Asrai hurried down out the front door and down the street two blocks to reach Rassenwell’s Magic Shop. A bell tinkled when she opened the door to the musty, incense-scented air of her grandfather’s shop.
“Asrai,” an old man’s voice said with relief. “You’re here!”
“Grandfather, why wouldn’t I come?” Asrai frowned with mock-admonishment. “What’s the message? Grace said that you were in a hurry.” She looked carefully at her grandpa. He was as short and tubby as ever, with that same half-plucked-looking beard and overly long eyebrows. But his eyes, normally alert and happy, were harried. Worried. “What’s wrong?”
“I received a message,” he breathed.

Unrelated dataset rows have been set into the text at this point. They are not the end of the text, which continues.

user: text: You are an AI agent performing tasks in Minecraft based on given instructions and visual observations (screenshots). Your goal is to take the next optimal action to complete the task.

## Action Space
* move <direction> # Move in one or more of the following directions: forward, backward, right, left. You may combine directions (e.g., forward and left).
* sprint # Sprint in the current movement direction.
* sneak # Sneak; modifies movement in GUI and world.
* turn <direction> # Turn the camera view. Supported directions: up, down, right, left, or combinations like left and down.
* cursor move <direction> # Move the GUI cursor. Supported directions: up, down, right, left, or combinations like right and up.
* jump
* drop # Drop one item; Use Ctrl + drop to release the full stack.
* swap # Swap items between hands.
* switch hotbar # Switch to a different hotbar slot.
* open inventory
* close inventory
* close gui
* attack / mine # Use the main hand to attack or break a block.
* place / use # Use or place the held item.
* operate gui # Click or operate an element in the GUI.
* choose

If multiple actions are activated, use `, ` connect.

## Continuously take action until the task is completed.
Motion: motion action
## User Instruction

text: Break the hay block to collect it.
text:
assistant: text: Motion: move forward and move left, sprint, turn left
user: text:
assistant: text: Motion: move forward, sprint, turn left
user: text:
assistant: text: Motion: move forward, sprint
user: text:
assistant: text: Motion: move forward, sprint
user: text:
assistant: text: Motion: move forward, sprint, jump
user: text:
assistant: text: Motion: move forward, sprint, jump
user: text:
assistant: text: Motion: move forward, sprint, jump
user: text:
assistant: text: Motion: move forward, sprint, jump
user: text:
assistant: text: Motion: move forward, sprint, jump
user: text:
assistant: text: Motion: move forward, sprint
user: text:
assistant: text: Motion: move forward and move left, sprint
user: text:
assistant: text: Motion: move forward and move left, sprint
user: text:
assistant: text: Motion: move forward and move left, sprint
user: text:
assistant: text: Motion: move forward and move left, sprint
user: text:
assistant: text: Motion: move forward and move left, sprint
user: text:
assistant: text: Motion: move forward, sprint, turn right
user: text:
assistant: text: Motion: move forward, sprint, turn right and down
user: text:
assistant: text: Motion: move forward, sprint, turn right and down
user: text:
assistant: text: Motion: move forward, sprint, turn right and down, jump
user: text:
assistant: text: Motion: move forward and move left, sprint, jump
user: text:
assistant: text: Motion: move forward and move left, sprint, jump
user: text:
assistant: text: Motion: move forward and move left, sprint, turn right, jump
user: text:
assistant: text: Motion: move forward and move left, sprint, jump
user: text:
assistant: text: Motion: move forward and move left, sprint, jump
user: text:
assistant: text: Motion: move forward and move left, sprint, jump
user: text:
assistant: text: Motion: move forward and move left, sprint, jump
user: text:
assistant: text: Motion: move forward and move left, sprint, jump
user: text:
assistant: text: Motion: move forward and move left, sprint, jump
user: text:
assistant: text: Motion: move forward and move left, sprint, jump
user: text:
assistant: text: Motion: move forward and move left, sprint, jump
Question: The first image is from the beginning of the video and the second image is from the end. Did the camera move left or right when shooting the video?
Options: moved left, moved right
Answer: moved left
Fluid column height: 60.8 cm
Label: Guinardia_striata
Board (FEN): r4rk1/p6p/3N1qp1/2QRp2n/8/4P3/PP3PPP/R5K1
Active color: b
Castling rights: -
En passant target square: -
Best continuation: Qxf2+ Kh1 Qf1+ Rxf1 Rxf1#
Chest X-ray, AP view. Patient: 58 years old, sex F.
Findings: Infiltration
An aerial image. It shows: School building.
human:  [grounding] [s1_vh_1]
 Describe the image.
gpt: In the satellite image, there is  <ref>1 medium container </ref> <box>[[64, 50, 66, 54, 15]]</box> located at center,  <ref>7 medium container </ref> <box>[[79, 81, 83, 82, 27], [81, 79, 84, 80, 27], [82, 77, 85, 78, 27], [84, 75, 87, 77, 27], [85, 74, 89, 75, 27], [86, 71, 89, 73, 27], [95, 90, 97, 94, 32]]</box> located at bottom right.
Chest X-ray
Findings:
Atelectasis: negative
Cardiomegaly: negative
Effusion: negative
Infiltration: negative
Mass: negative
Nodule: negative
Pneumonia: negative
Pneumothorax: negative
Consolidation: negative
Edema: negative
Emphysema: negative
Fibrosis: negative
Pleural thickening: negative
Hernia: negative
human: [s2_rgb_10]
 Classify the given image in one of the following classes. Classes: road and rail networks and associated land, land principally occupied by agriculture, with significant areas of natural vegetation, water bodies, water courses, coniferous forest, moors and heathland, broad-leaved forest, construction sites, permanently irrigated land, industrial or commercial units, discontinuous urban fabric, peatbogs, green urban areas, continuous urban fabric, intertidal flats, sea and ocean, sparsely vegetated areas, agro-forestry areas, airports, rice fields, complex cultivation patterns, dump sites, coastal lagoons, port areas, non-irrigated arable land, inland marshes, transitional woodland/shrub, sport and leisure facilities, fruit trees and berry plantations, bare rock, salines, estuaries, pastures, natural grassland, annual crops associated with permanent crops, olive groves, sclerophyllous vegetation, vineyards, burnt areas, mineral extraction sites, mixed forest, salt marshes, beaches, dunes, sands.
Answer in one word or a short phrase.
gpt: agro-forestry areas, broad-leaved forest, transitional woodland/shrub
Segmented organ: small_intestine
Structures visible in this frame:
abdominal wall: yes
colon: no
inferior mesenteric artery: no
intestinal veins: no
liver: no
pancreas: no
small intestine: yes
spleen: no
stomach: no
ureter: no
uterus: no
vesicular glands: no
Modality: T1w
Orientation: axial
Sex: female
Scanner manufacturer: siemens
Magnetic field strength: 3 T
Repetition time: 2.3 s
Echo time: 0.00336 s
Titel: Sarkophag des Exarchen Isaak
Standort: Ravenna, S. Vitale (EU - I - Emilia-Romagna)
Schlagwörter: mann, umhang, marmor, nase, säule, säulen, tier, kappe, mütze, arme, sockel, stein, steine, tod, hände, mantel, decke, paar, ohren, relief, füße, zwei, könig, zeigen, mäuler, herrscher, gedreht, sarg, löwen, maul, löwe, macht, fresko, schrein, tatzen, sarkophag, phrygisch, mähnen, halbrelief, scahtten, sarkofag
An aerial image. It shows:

Asrai didn’t get it.
“What’s so special about that?”
“It was from the Silver City,” the old man whispered. Asrai froze in her tracks.
“Connaught? What? You have got to be kidding me, Grandfather.” Her voice turned bitter now. “They excommunicated me, you, and Grandmother, remember? I was lucky to still have my head thanks to that-“Now her grandfather’s eyes truly looked frightened. He looked like he had seen a demon, or an angel.
“Now what?” Asrai was, internally, going hysterical. She turned around to find a figure in the doorway. The figure looked like Grace, figure-wise. But where Grace’s hair was translucent, this woman’s hair was platinum blonde and quite solid. Her white, lacy satin dress billowed even without wind. Asrai’s eyes picked up the wing-shaped shimmers on the woman’s back. The woman’s full mouth curved up into a snake’s smile.
“Long time no see, sister.”
“Get out,” Asrai spat through her teeth. “Get out, Asparas, and never come back!”
“It’s Cliodhna now. My, my,” Cliodhna wrinkled her nose at her sister. “Aren’t we touchy?”
“You could put it that way,” Asrai sneered. “Another way would be a slimy, lowlife, backstabbing little b-“
“Uh-uh,” Cliodhna said lightly. “Language, big sister.”
“So now you finally acknowledge our relation? I thought that I was excommunicated. Annihilated. As good as dead.” Asrai repeated Cliodhna’s little rant from ten years before.
“You’re right,” Cliodhna shrugged. “I am not a blood relative anymore.”
“Give me one reason to let you stay intact,” Asrai said quietly. Cliodhna glanced at the energy crackling in her sister’s palm and threw her golden head back to laugh. She leaned in, her breath tickling Asrai’s earlobe. So soft that Asrai wasn’t sure if she had heard right, Cliodhna whispered, “I know a way for you to revoke your banishment.”